§ **Data for processing**:
----

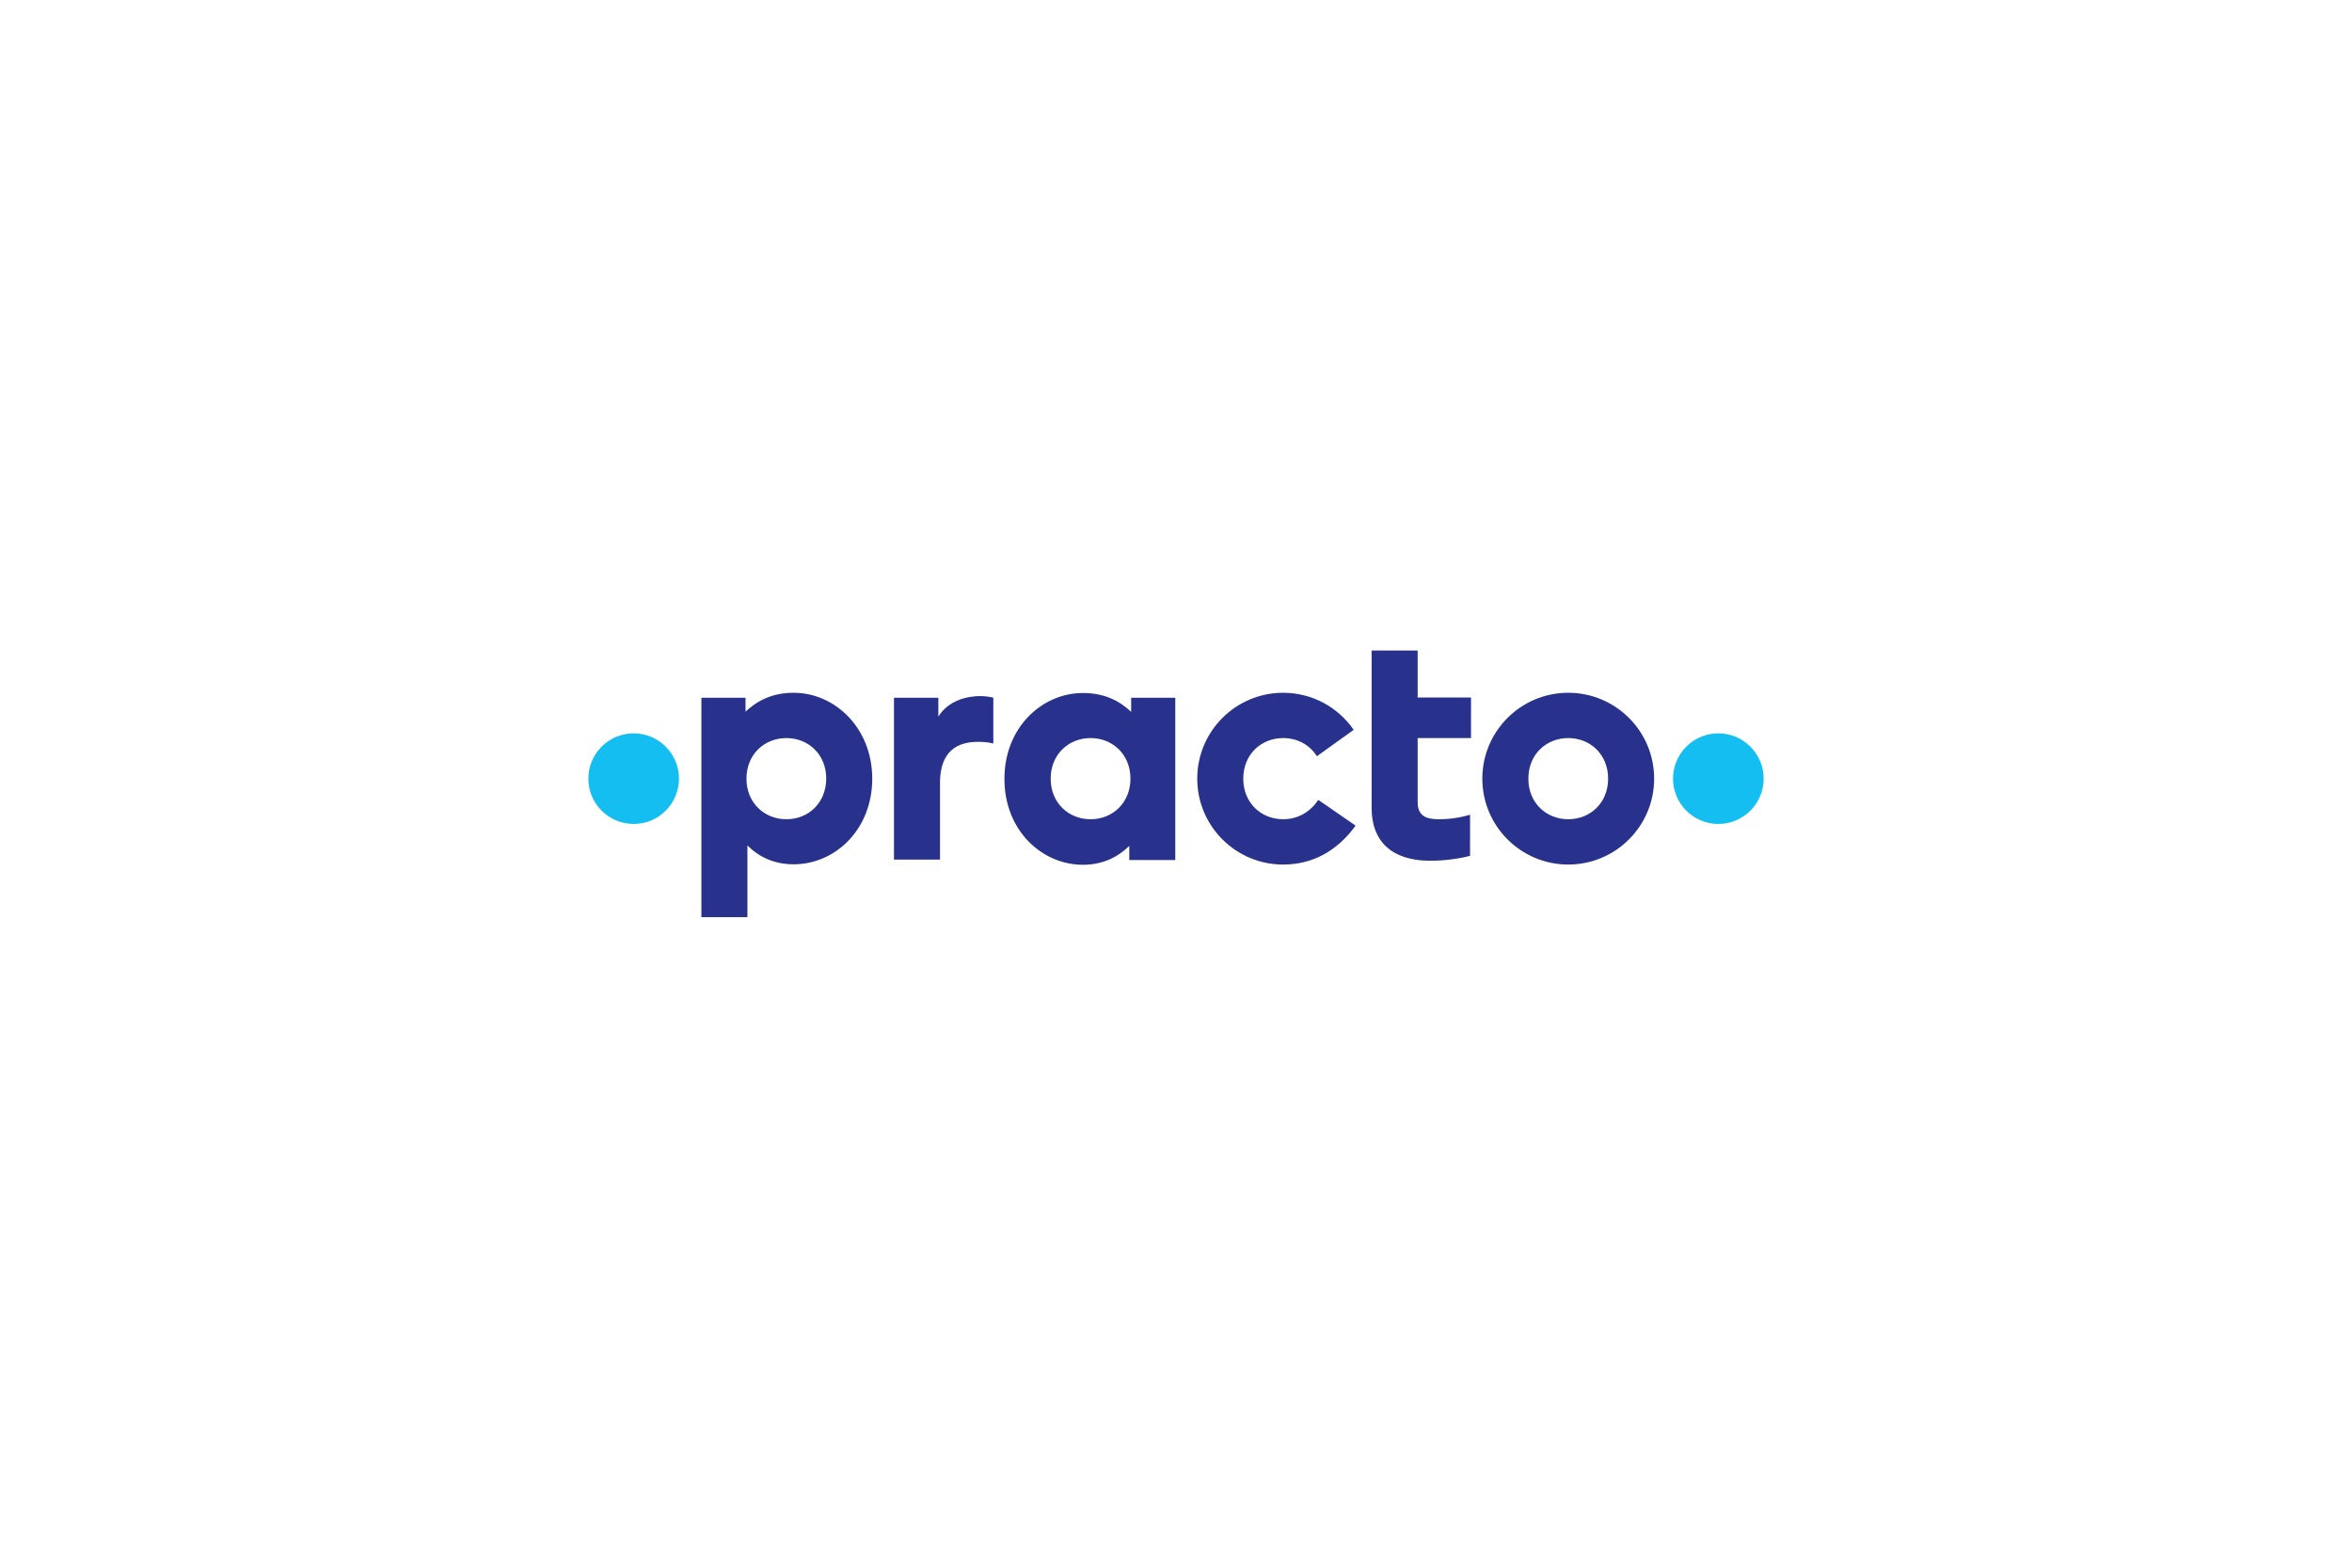 <?xml version="1.0" encoding="utf-8"?>
<!-- Generator: Adobe Illustrator 24.2.3, SVG Export Plug-In . SVG Version: 6.00 Build 0)  -->
<svg version="1.1" id="Layer_1" xmlns="http://www.w3.org/2000/svg" xmlns:xlink="http://www.w3.org/1999/xlink" x="0px" y="0px"
	 width="450px" height="300px" viewBox="0 0 450 300" style="enable-background:new 0 0 450 300;" xml:space="preserve">
<style type="text/css">
	.st0{fill:#14BEF0;}
	.st1{fill:#28328C;}
</style>
<g>
	<g>
		<path class="st0" d="M129.905,149.006c0-4.786-3.883-8.669-8.669-8.669c-4.786,0-8.669,3.883-8.669,8.669s3.883,8.669,8.669,8.669
			C126.022,157.676,129.905,153.793,129.905,149.006z"/>
		<path class="st0" d="M337.433,149.006c0-4.786-3.883-8.669-8.669-8.669c-4.786,0-8.669,3.883-8.669,8.669s3.883,8.669,8.669,8.669
			C333.55,157.676,337.433,153.793,337.433,149.006z"/>
	</g>
	<g>
		<path class="st1" d="M245.5,156.773c-4.199,0-7.631-3.116-7.631-7.766s3.432-7.766,7.631-7.766c2.709,0,5.057,1.264,6.457,3.477
			l7.044-5.057c-2.98-4.29-7.902-7.089-13.501-7.089c-9.076,0-16.436,7.36-16.436,16.436s7.36,16.436,16.436,16.436
			c5.373,0,10.205-2.393,13.862-7.45l-7.134-4.922C250.738,155.283,248.435,156.773,245.5,156.773z"/>
		<path class="st1" d="M216.42,136.228c-2.167-2.077-5.102-3.612-9.211-3.612c-7.812,0-15.036,6.547-15.036,16.436
			c0,9.843,7.134,16.436,15.036,16.436c3.793,0,6.683-1.49,8.85-3.612v2.709h8.805v-31.066h-8.444L216.42,136.228L216.42,136.228z
			 M208.654,156.773c-4.199,0-7.631-3.116-7.631-7.766s3.432-7.766,7.631-7.766s7.631,3.116,7.631,7.766
			S212.853,156.773,208.654,156.773z"/>
		<path class="st1" d="M179.53,137.131v-3.612h-8.489v30.976h8.805v-14.675c0-6.186,3.432-7.857,7.225-7.857
			c0.948,0,1.941,0.045,2.98,0.316v-8.76c-0.632-0.181-1.58-0.316-2.484-0.316C185.039,133.203,181.471,134.015,179.53,137.131z"/>
		<path class="st1" d="M271.237,124.488h-8.805v30.208c0,6.186,3.748,10.024,11.198,10.024c2.98,0,5.78-0.452,7.631-0.948v-7.857
			c-1.716,0.497-3.658,0.858-6.005,0.858c-2.438,0-4.019-0.677-4.019-3.251V141.24h10.205v-7.767h-10.205L271.237,124.488
			L271.237,124.488z"/>
		<path class="st1" d="M300.046,132.571c-9.076,0-16.436,7.36-16.436,16.436s7.36,16.436,16.436,16.436s16.436-7.36,16.436-16.436
			S309.122,132.571,300.046,132.571z M300.046,156.773c-4.199,0-7.631-3.116-7.631-7.766s3.432-7.766,7.631-7.766
			c4.199,0,7.631,3.116,7.631,7.766S304.245,156.773,300.046,156.773z"/>
		<path class="st1" d="M151.85,132.571c-4.109,0-6.999,1.535-9.211,3.612v-2.664h-8.444v41.993H143v-13.727
			c2.167,2.167,5.057,3.612,8.85,3.612c7.857,0,15.036-6.547,15.036-16.436C166.841,139.163,159.617,132.571,151.85,132.571z
			 M150.451,156.773c-4.199,0-7.631-3.116-7.631-7.766s3.432-7.766,7.631-7.766c4.199,0,7.631,3.116,7.631,7.766
			C158.036,153.703,154.65,156.773,150.451,156.773z"/>
	</g>
</g>
</svg>

----

§ **Assignment**:
Your answer should be every line from the material above in which the word "style" appears.

§ **Exercise output**:
	 width="450px" height="300px" viewBox="0 0 450 300" style="enable-background:new 0 0 450 300;" xml:space="preserve">
<style type="text/css">
</style>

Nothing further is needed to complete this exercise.